Kala kala medyanın gaza getiricileri kalıyor ona fikir
verecek.
Mesela bu son krizde.
Cumhurbaşkanlığı Senfoni Orkestrası programında Fazıl
Say’ın adı var.
Kültür Bakanı, Say’ın adı çıkarılmadan programı onaylamıyor.
Fikirleri kendilerinden menkul (ya da dar açılı diyelim) köşe
yazarları “Vay efendim Fazıl Say’a bu yapılır mı?”
diye veryansın ediyorlar.
Fazıl Say da onları makbul sayıyor, etrafında hatırlatma yapacak
birileri olmayınca.
Ortada iki büyük yanlış var; Fazıl Say’ın o programa
konması da yanlış, Say’ın Twitter muhalefetçiliği yapması
da.
Birileri şu soruyu sormalı: Kardeşim Fazıl Say gibi bir
dâhiyi, ağır muhalif bir sanatçıyı CSO programına kim
koydu?
Say bu teklifi, “Ben muhalifi olduğum bir yapının
denetiminde olan bir orkestrada çalmam, zaten çaldırmazlar
da” diye neden reddetmedi?
Hem muhalefet yapıp hem de içinde yer almanın mümkün olacağını,
İsveç gibi bir ülkede yaşadığımızı düşündüren tatlı su balıkları
kimler?
Fazıl Say’ın gördüğü zarardan, itibarının ve markasının iyi
yönetilemeyişinden kim sorumlu?
Elbette sanatçı muhalif olur.
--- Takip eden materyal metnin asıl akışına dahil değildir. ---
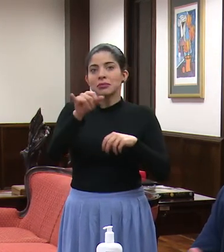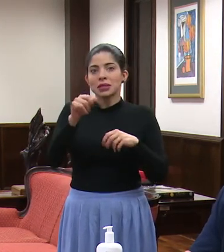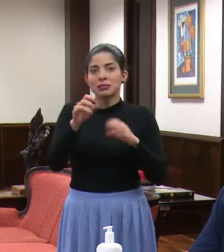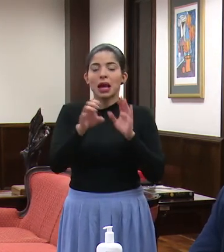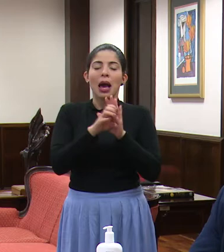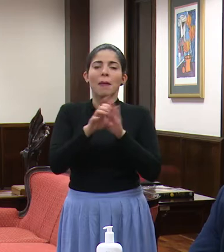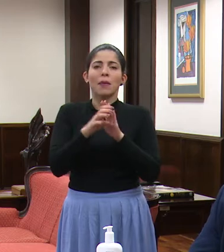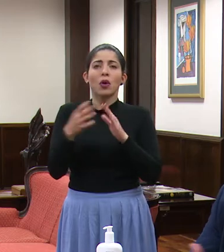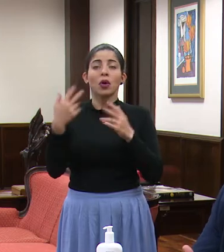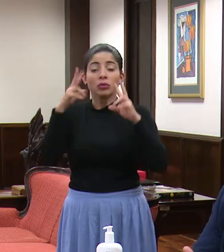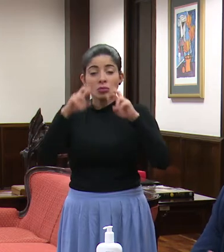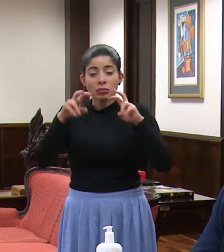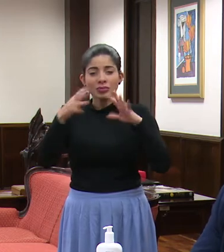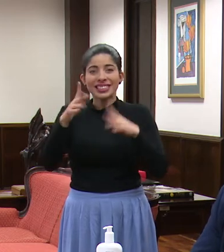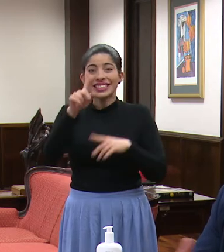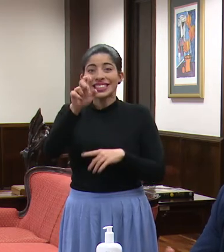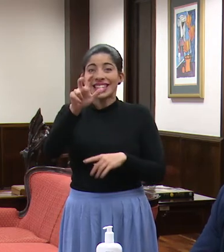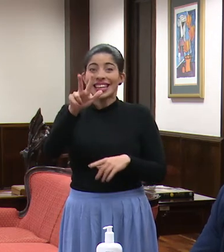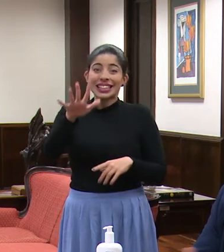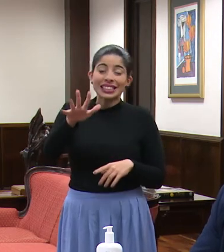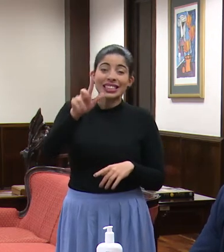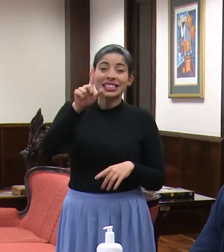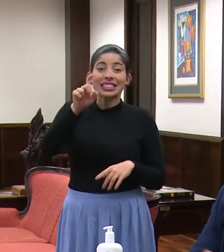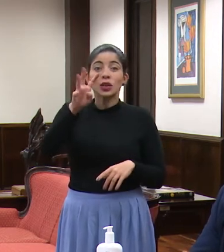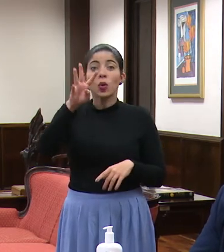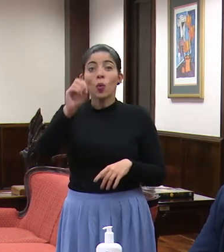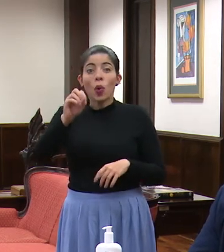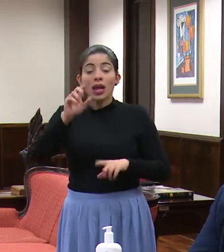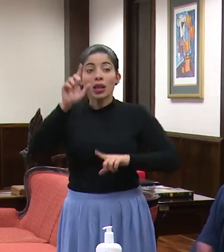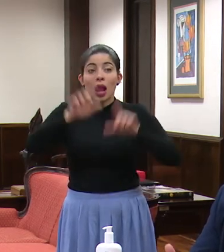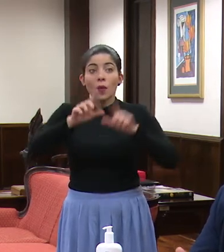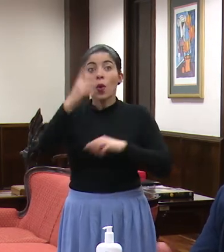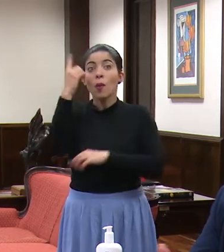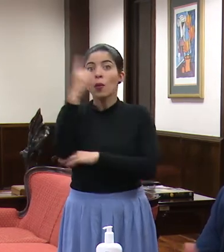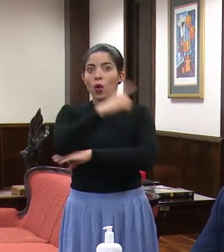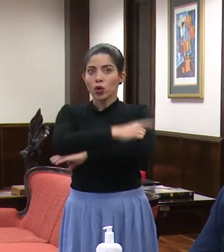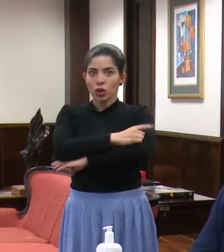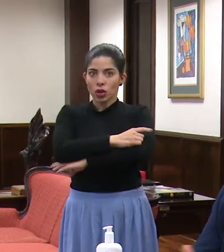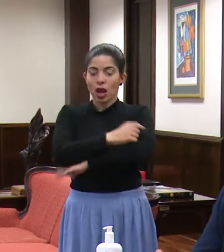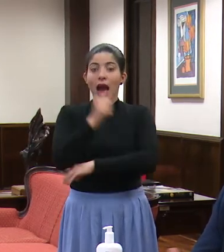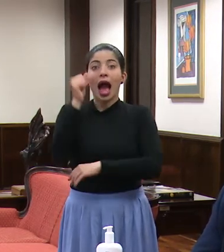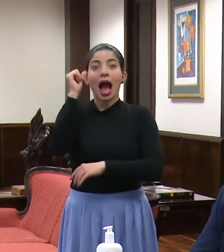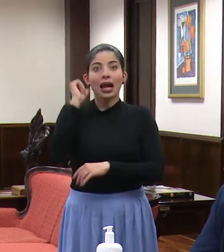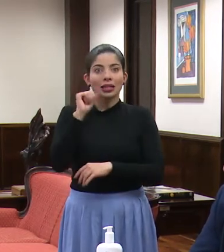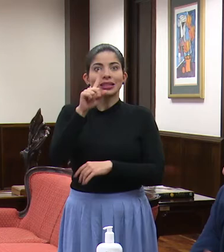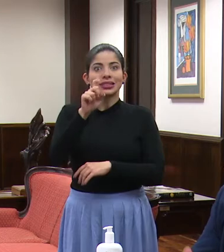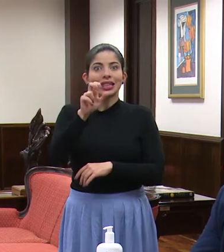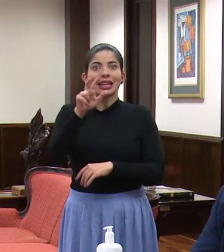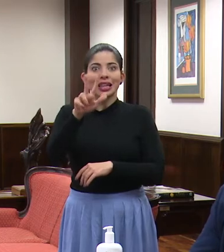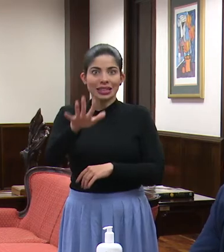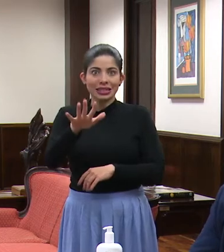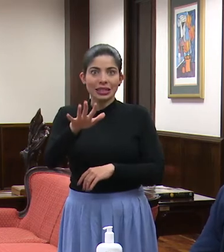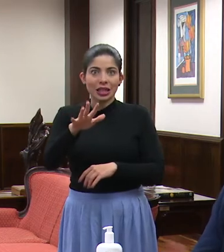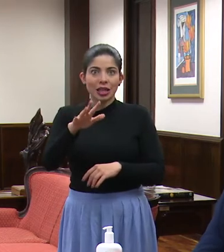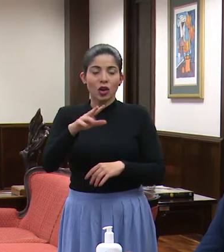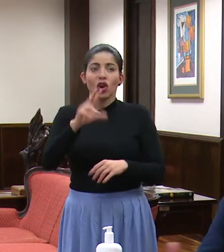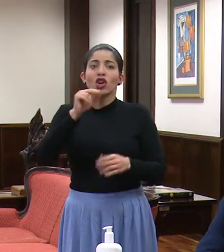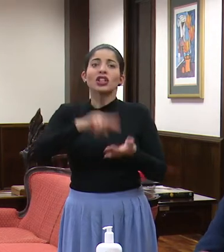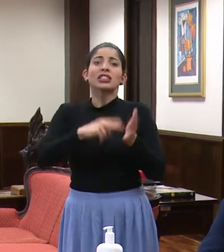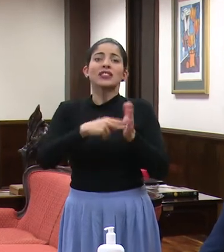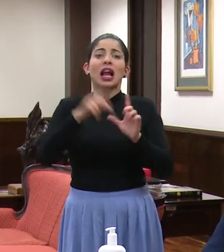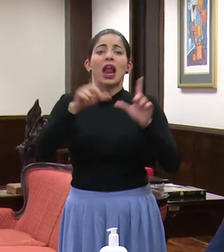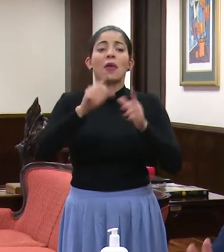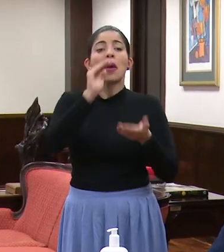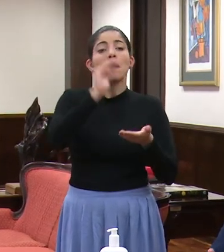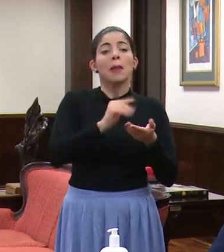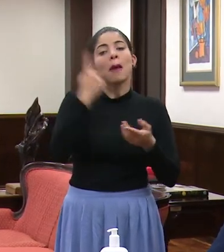es decir, estábamos manejando 135, 140 pruebas diarias, ayer se manejaron 135, es decir, que no fue que dejamos de

Elbette karşı durur.
Bu yolu seçen sanatçı, eleştirdiği kurumların içine de
adını yazdırmaz. Muhalif olmak birçok şeyden
vazgeçmektir.
Say’ın muhalefeti ise hepten sorunlu. Muhalefet
olmanın da ciddi bir duruşu olmalı. 17 yaş uğraşlarıyla tweet
atarak olmaz bu.
Büyük sanatçının büyük muhalefeti öyle bir tavırla ortaya
konur ki. Yıllarca konuşulur.
Shostakovich’in 1944’te. Hitler’i protesto etmek için bestelediği
Yahudi müziği temalı piyano triosu mesela. Fazıl Say’ın
tweet’lerinden daha kalıcı değil mi?
Etrafında aklı başında birileri varsa onlara önerim: Fazıl
Say’ın elinden Twitter denen abukluğu alın. Kendisine bir
“teenage” olmadığını hatırlatın.
Telefon tuşlarına değil, piyano tuşlarına basmasının daha yararlı
olacağını söyleyin.
Ya da. Bakanlığın aldığı bu kararı protesto edecekseniz.
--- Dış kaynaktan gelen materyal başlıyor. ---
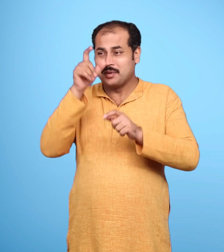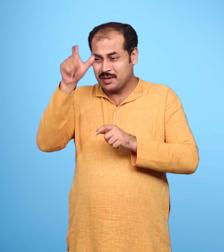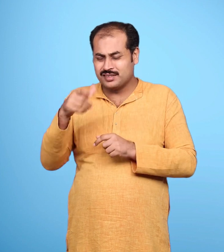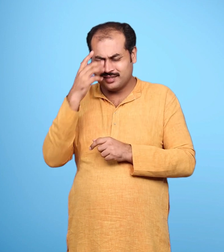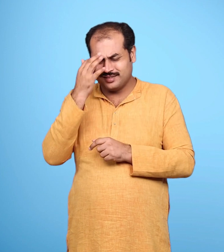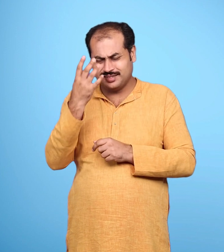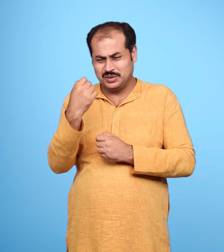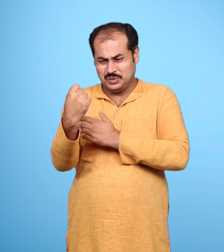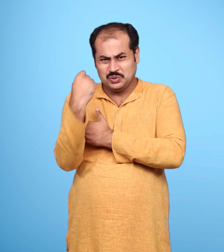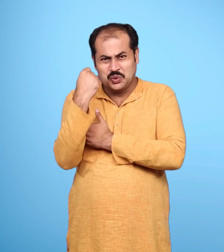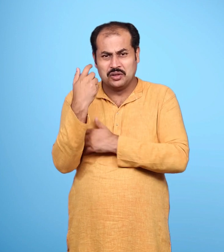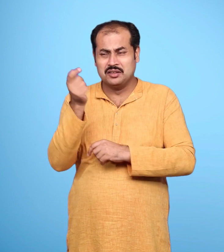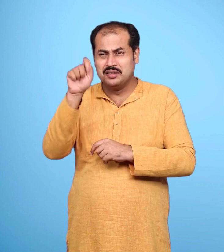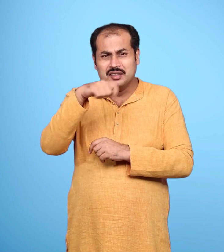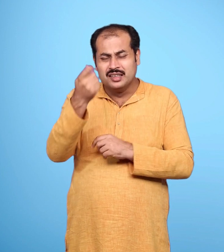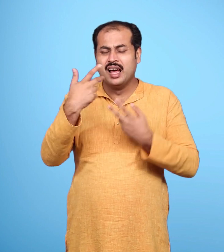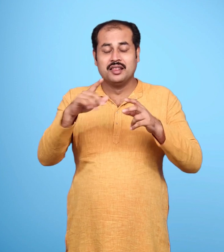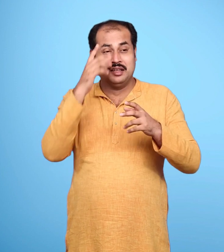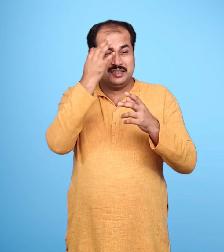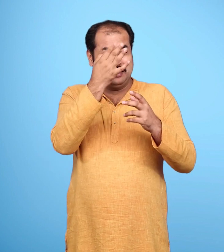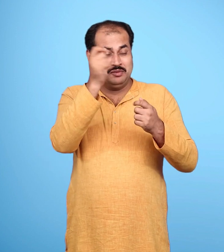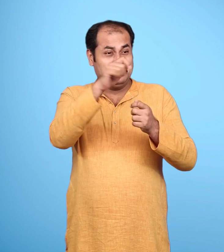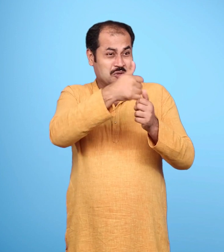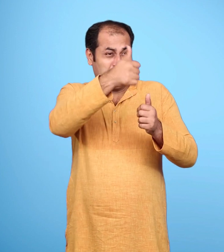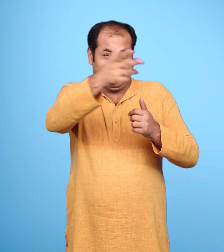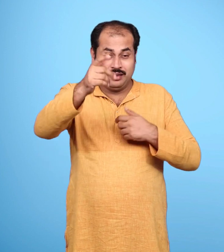जिसके तेज और पराकरम के आगे कोई नहीं ठहर सकता

Tweet atmaya kalkmak yerine, getirin piyanonuzu CSO’nun
önüne içerde onlar çalsın, dışarda siz çalın.
Yani biraz ciddi olun. Abuk sabuk köşe yazarlarının ve bluğ çağı
uğraşı olan Twitter’ın peşine takılmayın.
BU FATİH ALTAYLI DAHA
İYİ
Son “Teke Tek” programını izlediniz mi Fatih
Altaylı’nın? İzlemeliydiniz.
Bugüne kadar yapılmış en iyi IŞİD, Kobani vs. konulu programdı.
Saçma sapan sunucuların, saçma sapan sorularıyla yüzeyde sörf
yapılmadı.
“Bölgede kaotik durumlar var” gibi eblehçe
cümleler kurulmadı.
Tam tersine, bölgede olup bitenlerin tüm parametreleri ortaya
kondu.
Ne nedir, kökü nedir, arkasında neler var hepsi konuşuldu. Hem de
konuklar birbirini yemedi. “Sana katılmıyorum”
türü geyikler çevrilmedi.
Bir tür bölgeyi ve olanları anlama kılavuzuydu. Bir tür ders
gibiydi.
Ve hepsinden çok, heyecanlı bir macera filmi gibi soluk
soluğaydı.
Bulun izleyin.
Stüdyodan iki konukla yaptı bunu Fatih Altaylı; Mete
Yarar ve Nevzat Çiçek’le.
Bir kez daha gördük ki, dengeleri gözetmek zorunda kalmayan,
kafasına göre takılabilen Fatih Altaylı daha iyi, yayın yönetmeni
Altaylı’dan.
AKLIMDA KALAN
“Bana bir şey olmaz” anlayışında
geldiğimiz nokta: İstanbul’da. Hastanede ebola
şüphesiyle girişler yasaklanıyor. Kapıdakiler girmekte ısrarlı.
Görevli isyanlarda: “Hasta olmak istiyorsan gel abi
gir!” Marmaris’te orman yanıyor. Yazlıklar boşaltılıyor.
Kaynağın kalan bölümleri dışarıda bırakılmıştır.